| Work to be completed |
Print only the closing part of the entries. It starts at the line containing "Question: What text is written in this image?" and includes the final line, exactly as written.

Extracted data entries

• • • • •

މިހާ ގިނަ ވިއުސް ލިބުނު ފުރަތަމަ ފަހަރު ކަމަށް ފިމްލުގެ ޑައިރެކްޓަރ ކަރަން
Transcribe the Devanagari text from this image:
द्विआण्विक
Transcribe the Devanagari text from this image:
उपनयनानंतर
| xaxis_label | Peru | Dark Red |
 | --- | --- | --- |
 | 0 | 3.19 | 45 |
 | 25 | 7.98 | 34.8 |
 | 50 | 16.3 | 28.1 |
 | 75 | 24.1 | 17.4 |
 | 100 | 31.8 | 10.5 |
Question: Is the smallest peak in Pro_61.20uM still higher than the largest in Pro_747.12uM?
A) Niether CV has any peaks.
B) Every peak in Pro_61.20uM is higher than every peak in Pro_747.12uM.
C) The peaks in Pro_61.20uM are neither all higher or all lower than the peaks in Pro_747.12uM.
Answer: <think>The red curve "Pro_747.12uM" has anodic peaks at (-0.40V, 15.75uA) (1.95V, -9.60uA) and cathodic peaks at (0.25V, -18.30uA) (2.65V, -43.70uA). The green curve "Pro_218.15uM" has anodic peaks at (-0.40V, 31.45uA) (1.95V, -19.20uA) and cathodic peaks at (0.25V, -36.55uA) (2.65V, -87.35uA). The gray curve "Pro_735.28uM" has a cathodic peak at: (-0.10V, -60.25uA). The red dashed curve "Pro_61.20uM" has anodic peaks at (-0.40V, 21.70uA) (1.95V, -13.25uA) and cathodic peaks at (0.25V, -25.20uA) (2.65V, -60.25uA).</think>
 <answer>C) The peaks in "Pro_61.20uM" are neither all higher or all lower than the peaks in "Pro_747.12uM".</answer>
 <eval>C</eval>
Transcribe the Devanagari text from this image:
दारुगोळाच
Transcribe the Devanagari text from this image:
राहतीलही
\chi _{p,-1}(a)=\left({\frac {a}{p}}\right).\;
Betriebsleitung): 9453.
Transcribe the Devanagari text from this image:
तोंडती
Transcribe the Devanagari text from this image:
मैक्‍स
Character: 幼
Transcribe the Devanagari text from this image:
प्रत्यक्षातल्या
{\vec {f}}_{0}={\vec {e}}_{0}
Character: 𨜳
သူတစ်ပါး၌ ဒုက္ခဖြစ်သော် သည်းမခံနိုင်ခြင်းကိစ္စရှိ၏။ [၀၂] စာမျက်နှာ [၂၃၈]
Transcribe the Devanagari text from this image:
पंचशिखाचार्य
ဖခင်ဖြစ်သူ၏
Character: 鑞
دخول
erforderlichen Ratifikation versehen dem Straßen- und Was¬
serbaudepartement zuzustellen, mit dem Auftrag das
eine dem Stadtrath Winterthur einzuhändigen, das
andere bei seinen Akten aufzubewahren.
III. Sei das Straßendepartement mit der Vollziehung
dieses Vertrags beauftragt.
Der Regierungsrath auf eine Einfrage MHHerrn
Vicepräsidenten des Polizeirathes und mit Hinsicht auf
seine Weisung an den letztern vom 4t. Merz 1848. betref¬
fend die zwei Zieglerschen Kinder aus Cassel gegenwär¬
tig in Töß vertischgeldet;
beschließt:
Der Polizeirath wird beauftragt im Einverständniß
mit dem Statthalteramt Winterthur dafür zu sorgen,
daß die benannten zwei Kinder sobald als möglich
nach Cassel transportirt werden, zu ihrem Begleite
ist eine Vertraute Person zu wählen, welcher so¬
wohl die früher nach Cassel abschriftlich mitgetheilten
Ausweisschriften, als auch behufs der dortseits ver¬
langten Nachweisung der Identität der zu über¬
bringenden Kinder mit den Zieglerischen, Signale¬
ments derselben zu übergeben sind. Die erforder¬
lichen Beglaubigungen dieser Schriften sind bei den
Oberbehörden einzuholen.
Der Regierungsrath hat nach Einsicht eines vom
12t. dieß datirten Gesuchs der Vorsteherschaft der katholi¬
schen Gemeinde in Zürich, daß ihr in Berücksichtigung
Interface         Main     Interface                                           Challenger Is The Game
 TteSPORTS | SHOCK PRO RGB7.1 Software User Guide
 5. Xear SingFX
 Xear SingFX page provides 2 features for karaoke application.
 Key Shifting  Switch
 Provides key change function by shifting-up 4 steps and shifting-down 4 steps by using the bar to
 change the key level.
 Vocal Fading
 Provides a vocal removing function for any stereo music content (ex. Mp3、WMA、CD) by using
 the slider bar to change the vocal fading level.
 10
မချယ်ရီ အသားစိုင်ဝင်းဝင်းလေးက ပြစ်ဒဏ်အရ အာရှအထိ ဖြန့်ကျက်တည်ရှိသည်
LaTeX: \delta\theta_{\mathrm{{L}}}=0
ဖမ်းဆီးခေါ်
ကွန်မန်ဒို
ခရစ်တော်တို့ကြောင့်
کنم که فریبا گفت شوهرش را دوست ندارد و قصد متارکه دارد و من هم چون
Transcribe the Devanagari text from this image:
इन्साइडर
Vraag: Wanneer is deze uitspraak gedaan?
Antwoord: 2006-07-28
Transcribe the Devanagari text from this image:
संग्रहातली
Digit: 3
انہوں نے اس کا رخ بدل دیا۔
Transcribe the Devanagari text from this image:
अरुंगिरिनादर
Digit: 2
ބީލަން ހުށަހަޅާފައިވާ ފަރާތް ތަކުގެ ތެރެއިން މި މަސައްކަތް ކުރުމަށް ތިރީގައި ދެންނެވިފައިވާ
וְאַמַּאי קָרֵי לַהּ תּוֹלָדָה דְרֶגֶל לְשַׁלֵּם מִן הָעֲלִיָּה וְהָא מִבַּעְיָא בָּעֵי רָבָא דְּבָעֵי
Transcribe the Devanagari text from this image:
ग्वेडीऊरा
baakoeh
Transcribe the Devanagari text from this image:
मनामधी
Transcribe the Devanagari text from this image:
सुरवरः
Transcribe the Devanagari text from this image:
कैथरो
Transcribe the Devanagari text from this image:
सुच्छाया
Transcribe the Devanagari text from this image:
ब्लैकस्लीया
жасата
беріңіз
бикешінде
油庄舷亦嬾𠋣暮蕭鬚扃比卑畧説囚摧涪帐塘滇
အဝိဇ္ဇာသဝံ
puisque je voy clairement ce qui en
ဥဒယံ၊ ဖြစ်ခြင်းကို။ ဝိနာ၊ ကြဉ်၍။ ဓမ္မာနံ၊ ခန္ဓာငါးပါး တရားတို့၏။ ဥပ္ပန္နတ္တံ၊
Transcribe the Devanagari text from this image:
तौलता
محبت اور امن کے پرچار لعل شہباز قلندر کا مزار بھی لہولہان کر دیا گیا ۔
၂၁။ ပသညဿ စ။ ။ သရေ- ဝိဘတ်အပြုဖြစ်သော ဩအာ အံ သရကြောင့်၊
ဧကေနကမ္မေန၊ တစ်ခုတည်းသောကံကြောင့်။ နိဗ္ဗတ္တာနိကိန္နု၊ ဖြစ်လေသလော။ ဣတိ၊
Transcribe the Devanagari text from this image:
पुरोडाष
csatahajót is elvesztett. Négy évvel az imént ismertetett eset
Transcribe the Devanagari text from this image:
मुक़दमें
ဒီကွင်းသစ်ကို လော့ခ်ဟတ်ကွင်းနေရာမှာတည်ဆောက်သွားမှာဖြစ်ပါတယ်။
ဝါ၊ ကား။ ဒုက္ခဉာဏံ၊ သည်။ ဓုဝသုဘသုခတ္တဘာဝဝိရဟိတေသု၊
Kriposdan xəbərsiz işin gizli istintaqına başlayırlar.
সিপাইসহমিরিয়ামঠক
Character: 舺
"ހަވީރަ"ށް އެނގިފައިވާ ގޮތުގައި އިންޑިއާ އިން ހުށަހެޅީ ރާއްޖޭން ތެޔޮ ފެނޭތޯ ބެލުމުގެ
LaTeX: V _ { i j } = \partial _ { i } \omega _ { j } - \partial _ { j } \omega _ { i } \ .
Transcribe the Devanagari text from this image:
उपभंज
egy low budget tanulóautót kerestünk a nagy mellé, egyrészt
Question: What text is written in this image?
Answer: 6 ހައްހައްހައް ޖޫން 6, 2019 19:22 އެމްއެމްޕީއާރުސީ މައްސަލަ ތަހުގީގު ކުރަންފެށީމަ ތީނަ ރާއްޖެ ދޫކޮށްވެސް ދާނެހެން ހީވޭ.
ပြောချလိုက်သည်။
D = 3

• • • • •

| Answer space |
Question: What text is written in this image?
Answer: 6 ހައްހައްހައް ޖޫން 6, 2019 19:22 އެމްއެމްޕީއާރުސީ މައްސަލަ ތަހުގީގު ކުރަންފެށީމަ ތީނަ ރާއްޖެ ދޫކޮށްވެސް ދާނެހެން ހީވޭ.
ပြောချလိုက်သည်။
D = 3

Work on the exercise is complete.